## Problem:
Return only the lines running from the one that contains "Q: Is the text underlined? A: No." through the end of the entries, exactly, both ends included. Omit pictures.

Given information below:

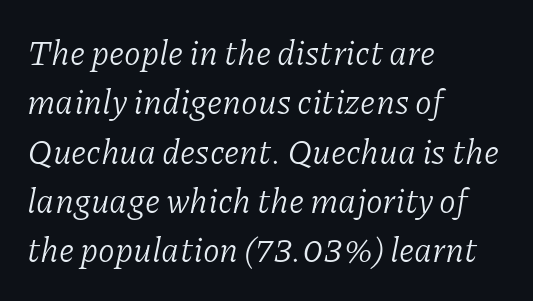
Q: Is the text bold? A: No.
Q: Is the text italic (slanted)? A: Yes, it leans right by about 11 degrees.
Q: Is the typeface a serif or a sans-serif typeface? A: Serif.
Q: Is the text underlined? A: No.
Q: How is the paragraph aligned? A: Left-aligned.
Q: Is the spacing between letters normal or unusually wide? A: Normal.
Q: Is the spacing between lines tight, normal or loose? A: Normal.
Q: Width (condensed, normal, or wide)? A: Normal.
Q: Stroke contrast? A: Low.
Q: x-height? A: Medium.
Q: Monospaced? A: No.
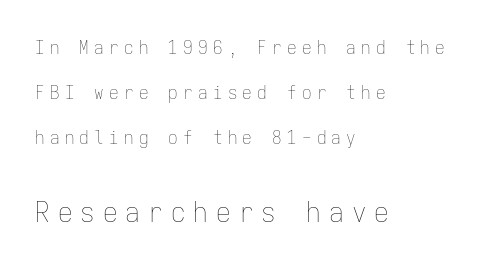
The image shows 29 px thin, condensed type, upright, monospaced; set left-aligned, loose line spacing (2.38x), unusually wide letter spacing (+0.28 em), not underlined; the second (bottom) block is 1.53x larger; low stroke contrast and a medium x-height.
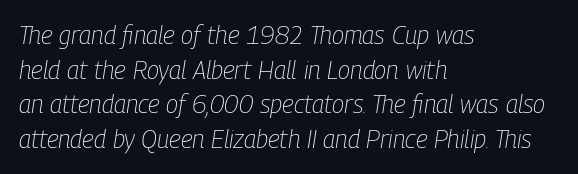
Would a proofreader flag this as italicized? Yes. No extra ink here — the face is not bold. The letterforms sit shoulder to shoulder at normal distance. Normally led — the rows are evenly, conventionally spaced. Decoration check: the copy has no underline.
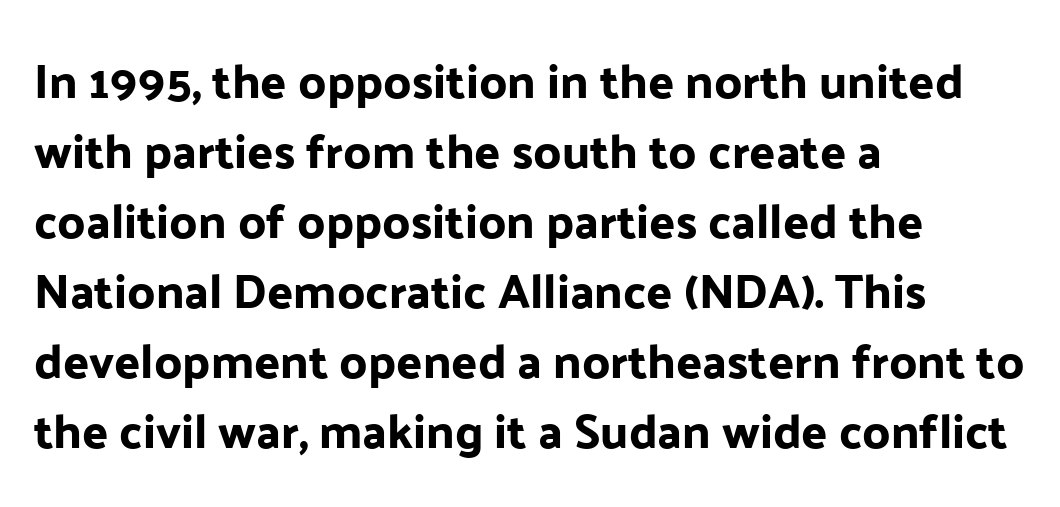
The space beneath each line is pristine and unruled. You could not count columns in this text — the font is proportionally spaced. The tracking reads as untouched default to a designer's eye. In terms of leading, this rendering sits right in the middle. These lines are composed in type without serifs.
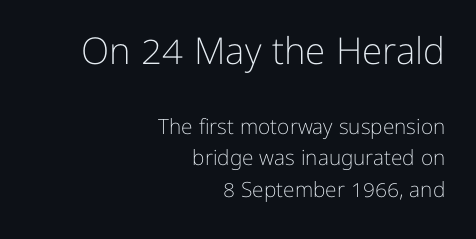
The image shows 37 px light sans-serif type, upright; set right-aligned, normal line spacing (1.48x), normal letter spacing, not underlined; the first (top) block is 1.76x larger; low stroke contrast and a medium x-height.

End of Given information.

## Answer box:
Q: Is the text underlined? A: No.
Q: How is the paragraph aligned? A: Left-aligned.
Q: Is the spacing between letters normal or unusually wide? A: Normal.
Q: Is the spacing between lines tight, normal or loose? A: Normal.
Q: Width (condensed, normal, or wide)? A: Normal.
Q: Stroke contrast? A: Low.
Q: x-height? A: Medium.
Q: Monospaced? A: No.
The image shows 29 px thin, condensed type, upright, monospaced; set left-aligned, loose line spacing (2.38x), unusually wide letter spacing (+0.28 em), not underlined; the second (bottom) block is 1.53x larger; low stroke contrast and a medium x-height.
Would a proofreader flag this as italicized? Yes. No extra ink here — the face is not bold. The letterforms sit shoulder to shoulder at normal distance. Normally led — the rows are evenly, conventionally spaced. Decoration check: the copy has no underline.
The space beneath each line is pristine and unruled. You could not count columns in this text — the font is proportionally spaced. The tracking reads as untouched default to a designer's eye. In terms of leading, this rendering sits right in the middle. These lines are composed in type without serifs.
The image shows 37 px light sans-serif type, upright; set right-aligned, normal line spacing (1.48x), normal letter spacing, not underlined; the first (top) block is 1.76x larger; low stroke contrast and a medium x-height.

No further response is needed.